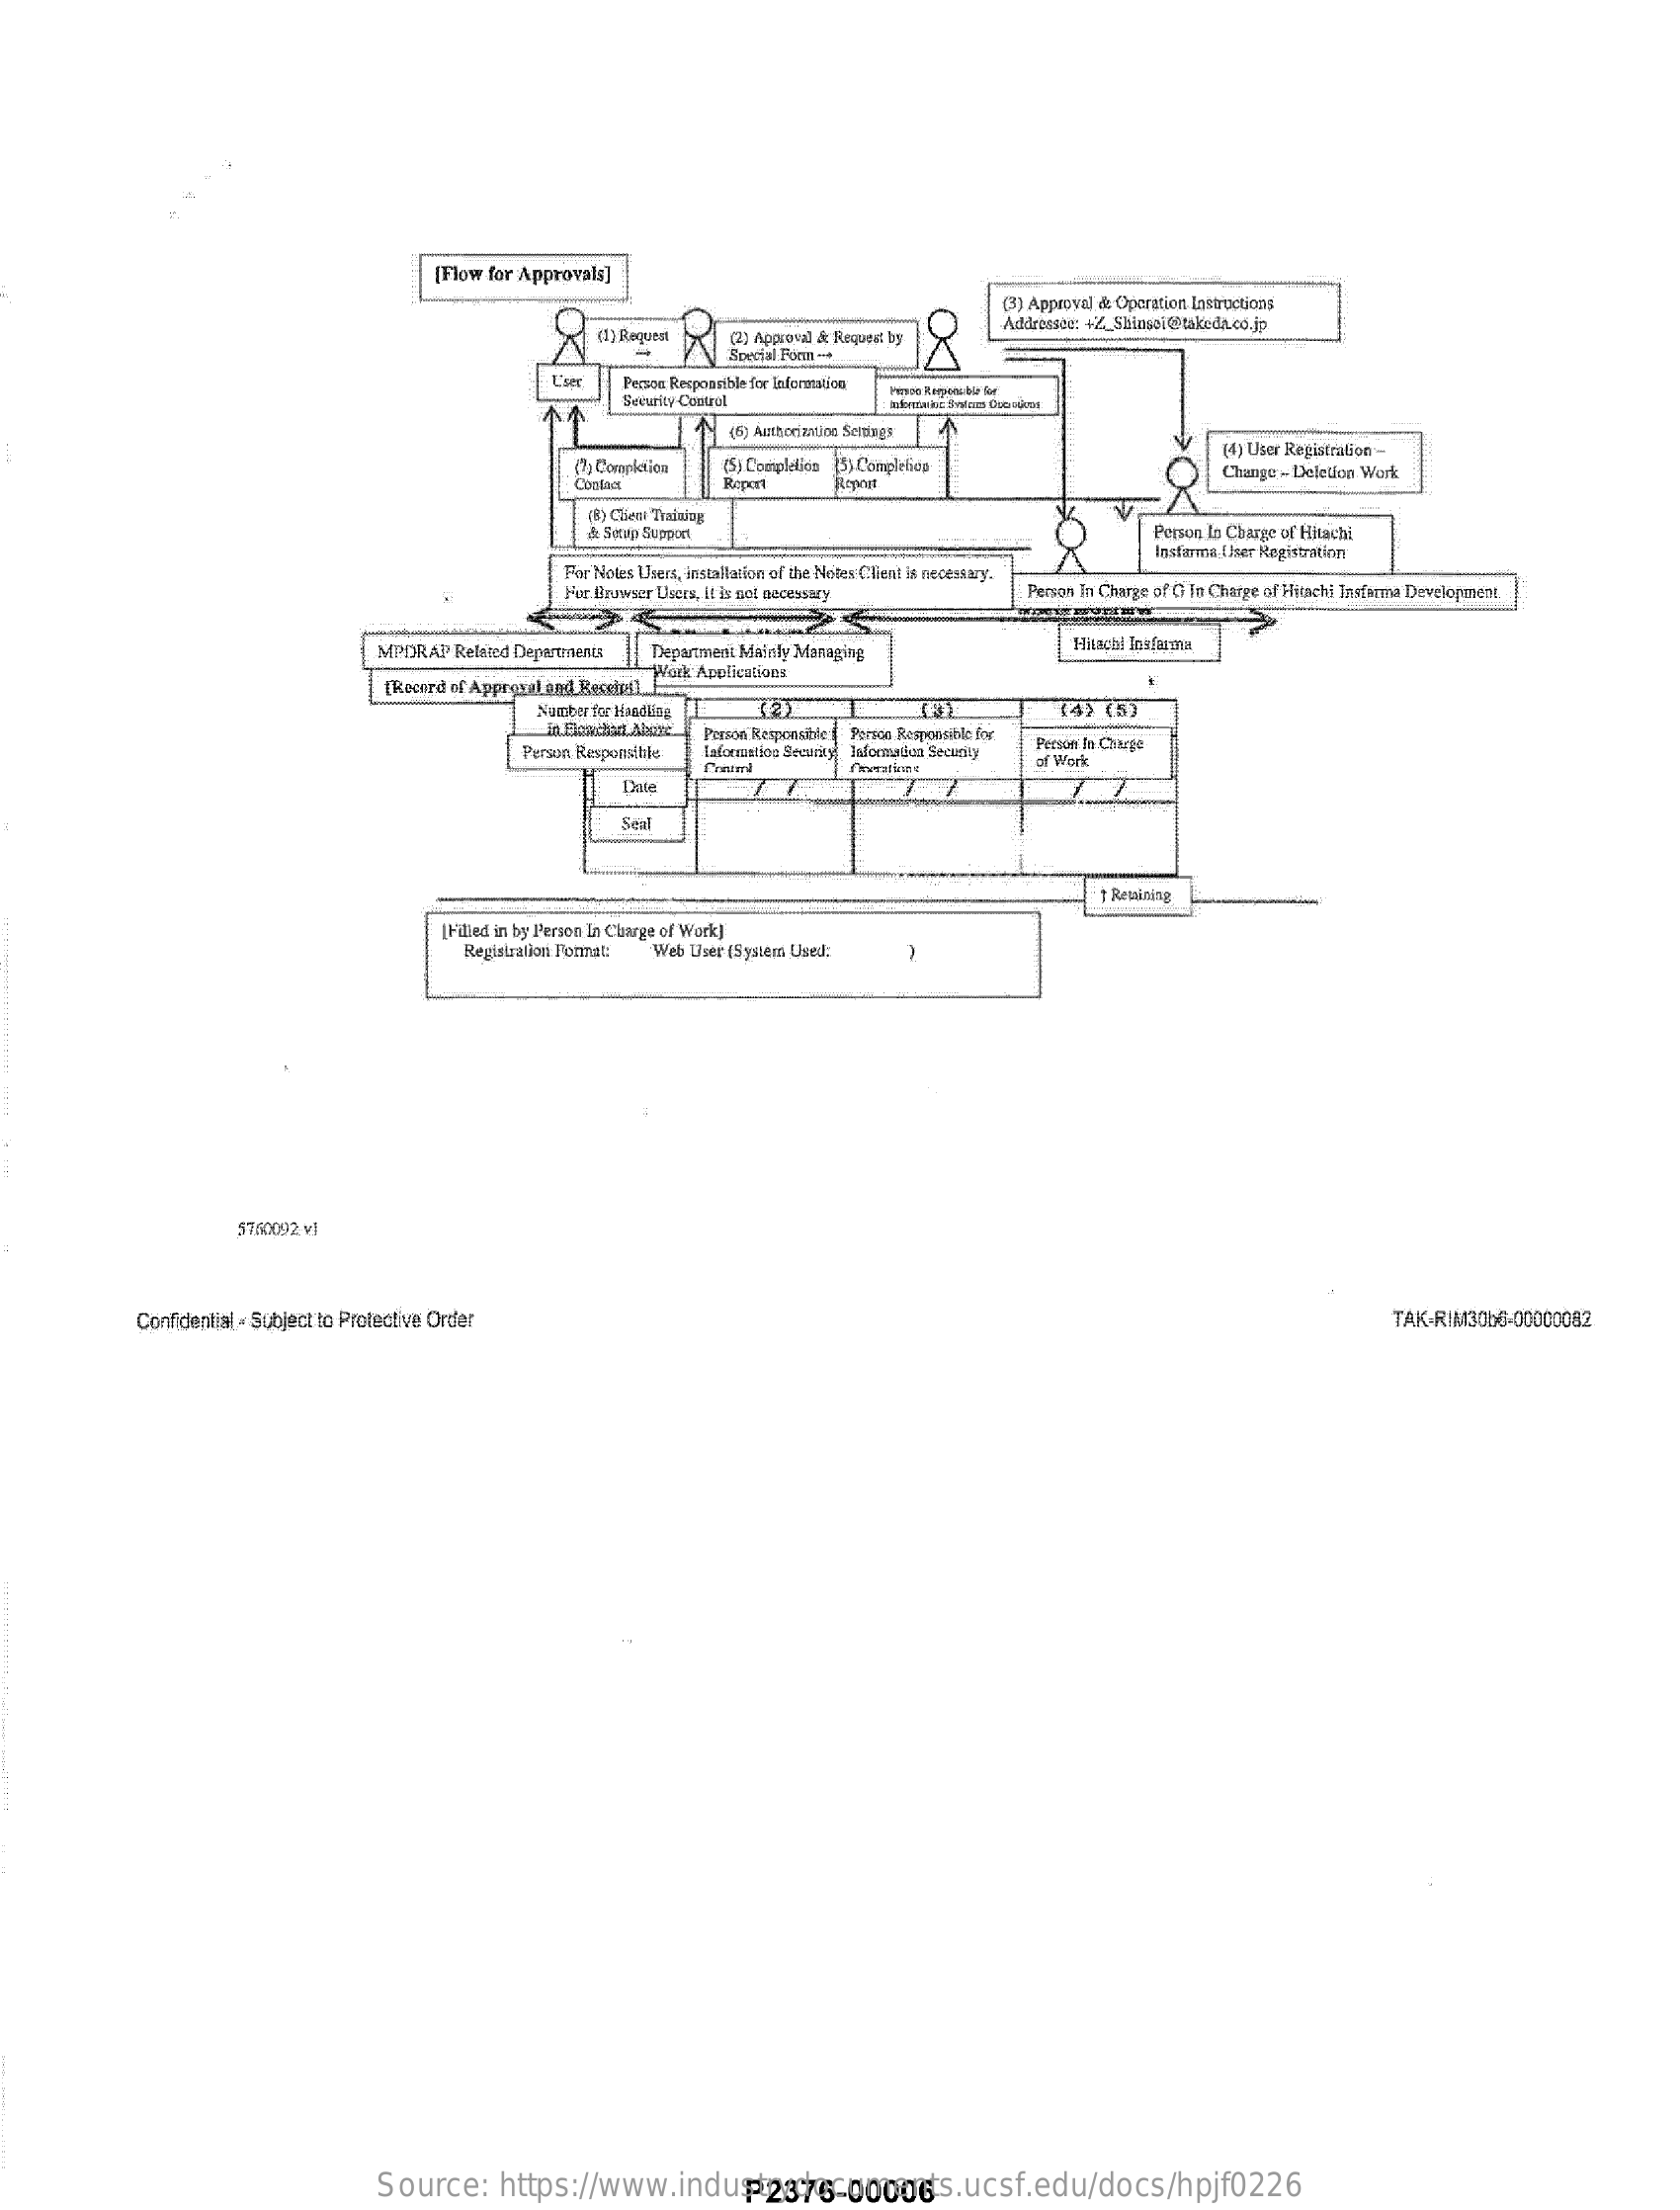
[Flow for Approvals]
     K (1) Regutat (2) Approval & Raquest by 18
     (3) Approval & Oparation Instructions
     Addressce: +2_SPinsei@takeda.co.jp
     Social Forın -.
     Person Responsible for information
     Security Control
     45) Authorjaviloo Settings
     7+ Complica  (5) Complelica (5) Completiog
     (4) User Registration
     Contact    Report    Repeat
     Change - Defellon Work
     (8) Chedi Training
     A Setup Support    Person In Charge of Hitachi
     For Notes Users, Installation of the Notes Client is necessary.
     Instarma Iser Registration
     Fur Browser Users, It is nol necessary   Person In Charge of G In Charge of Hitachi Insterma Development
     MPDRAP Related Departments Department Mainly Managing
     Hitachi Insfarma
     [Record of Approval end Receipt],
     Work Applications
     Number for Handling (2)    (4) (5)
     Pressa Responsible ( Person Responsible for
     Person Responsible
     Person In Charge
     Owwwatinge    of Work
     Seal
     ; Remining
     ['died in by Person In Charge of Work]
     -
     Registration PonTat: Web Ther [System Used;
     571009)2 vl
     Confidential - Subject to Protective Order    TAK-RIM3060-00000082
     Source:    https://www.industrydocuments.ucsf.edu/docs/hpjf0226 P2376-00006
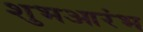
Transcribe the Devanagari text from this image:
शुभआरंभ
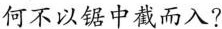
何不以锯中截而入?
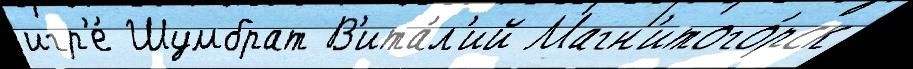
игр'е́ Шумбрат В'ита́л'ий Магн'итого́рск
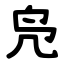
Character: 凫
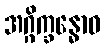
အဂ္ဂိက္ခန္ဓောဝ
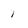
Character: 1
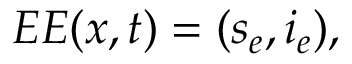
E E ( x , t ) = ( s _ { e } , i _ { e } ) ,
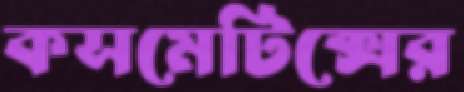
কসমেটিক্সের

Exercise brief: For the string "Hitachi", go line by line through the material and copy every line that has it.

Task output:
     A Setup Support    Person In Charge of Hitachi
     Fur Browser Users, It is nol necessary   Person In Charge of G In Charge of Hitachi Insterma Development
     Hitachi Insfarma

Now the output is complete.